[Records shown]
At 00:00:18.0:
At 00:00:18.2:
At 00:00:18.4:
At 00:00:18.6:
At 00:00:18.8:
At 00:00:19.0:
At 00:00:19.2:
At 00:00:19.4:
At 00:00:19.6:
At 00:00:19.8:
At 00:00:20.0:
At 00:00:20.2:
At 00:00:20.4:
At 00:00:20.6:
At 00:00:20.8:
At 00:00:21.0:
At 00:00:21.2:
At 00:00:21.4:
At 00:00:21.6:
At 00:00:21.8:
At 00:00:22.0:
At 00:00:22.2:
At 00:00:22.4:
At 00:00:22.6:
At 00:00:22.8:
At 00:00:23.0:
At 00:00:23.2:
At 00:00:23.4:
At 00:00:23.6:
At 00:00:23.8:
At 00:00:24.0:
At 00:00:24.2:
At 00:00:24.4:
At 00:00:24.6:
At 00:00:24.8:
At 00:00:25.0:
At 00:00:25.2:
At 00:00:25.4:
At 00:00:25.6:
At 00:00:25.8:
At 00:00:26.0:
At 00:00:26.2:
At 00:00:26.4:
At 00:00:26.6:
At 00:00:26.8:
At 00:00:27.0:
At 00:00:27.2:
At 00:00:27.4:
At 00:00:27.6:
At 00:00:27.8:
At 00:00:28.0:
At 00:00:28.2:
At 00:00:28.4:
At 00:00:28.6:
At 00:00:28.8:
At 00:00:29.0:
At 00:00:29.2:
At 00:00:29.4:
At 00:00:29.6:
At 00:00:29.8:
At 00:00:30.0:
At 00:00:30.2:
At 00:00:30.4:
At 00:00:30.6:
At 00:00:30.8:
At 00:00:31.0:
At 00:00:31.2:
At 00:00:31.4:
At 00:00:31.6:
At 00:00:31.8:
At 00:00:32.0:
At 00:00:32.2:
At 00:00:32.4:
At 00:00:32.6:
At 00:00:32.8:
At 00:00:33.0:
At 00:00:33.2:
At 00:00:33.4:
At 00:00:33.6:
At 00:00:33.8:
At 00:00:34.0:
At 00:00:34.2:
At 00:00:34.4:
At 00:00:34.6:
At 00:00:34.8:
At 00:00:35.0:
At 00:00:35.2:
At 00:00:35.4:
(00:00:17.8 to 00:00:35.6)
[/Records shown]
To do - Line by line, retype all of the entries.

Answer to this problem -
At 00:00:18.0:
At 00:00:18.2:
At 00:00:18.4:
At 00:00:18.6:
At 00:00:18.8:
At 00:00:19.0:
At 00:00:19.2:
At 00:00:19.4:
At 00:00:19.6:
At 00:00:19.8:
At 00:00:20.0:
At 00:00:20.2:
At 00:00:20.4:
At 00:00:20.6:
At 00:00:20.8:
At 00:00:21.0:
At 00:00:21.2:
At 00:00:21.4:
At 00:00:21.6:
At 00:00:21.8:
At 00:00:22.0:
At 00:00:22.2:
At 00:00:22.4:
At 00:00:22.6:
At 00:00:22.8:
At 00:00:23.0:
At 00:00:23.2:
At 00:00:23.4:
At 00:00:23.6:
At 00:00:23.8:
At 00:00:24.0:
At 00:00:24.2:
At 00:00:24.4:
At 00:00:24.6:
At 00:00:24.8:
At 00:00:25.0:
At 00:00:25.2:
At 00:00:25.4:
At 00:00:25.6:
At 00:00:25.8:
At 00:00:26.0:
At 00:00:26.2:
At 00:00:26.4:
At 00:00:26.6:
At 00:00:26.8:
At 00:00:27.0:
At 00:00:27.2:
At 00:00:27.4:
At 00:00:27.6:
At 00:00:27.8:
At 00:00:28.0:
At 00:00:28.2:
At 00:00:28.4:
At 00:00:28.6:
At 00:00:28.8:
At 00:00:29.0:
At 00:00:29.2:
At 00:00:29.4:
At 00:00:29.6:
At 00:00:29.8:
At 00:00:30.0:
At 00:00:30.2:
At 00:00:30.4:
At 00:00:30.6:
At 00:00:30.8:
At 00:00:31.0:
At 00:00:31.2:
At 00:00:31.4:
At 00:00:31.6:
At 00:00:31.8:
At 00:00:32.0:
At 00:00:32.2:
At 00:00:32.4:
At 00:00:32.6:
At 00:00:32.8:
At 00:00:33.0:
At 00:00:33.2:
At 00:00:33.4:
At 00:00:33.6:
At 00:00:33.8:
At 00:00:34.0:
At 00:00:34.2:
At 00:00:34.4:
At 00:00:34.6:
At 00:00:34.8:
At 00:00:35.0:
At 00:00:35.2:
At 00:00:35.4:
(00:00:17.8 to 00:00:35.6)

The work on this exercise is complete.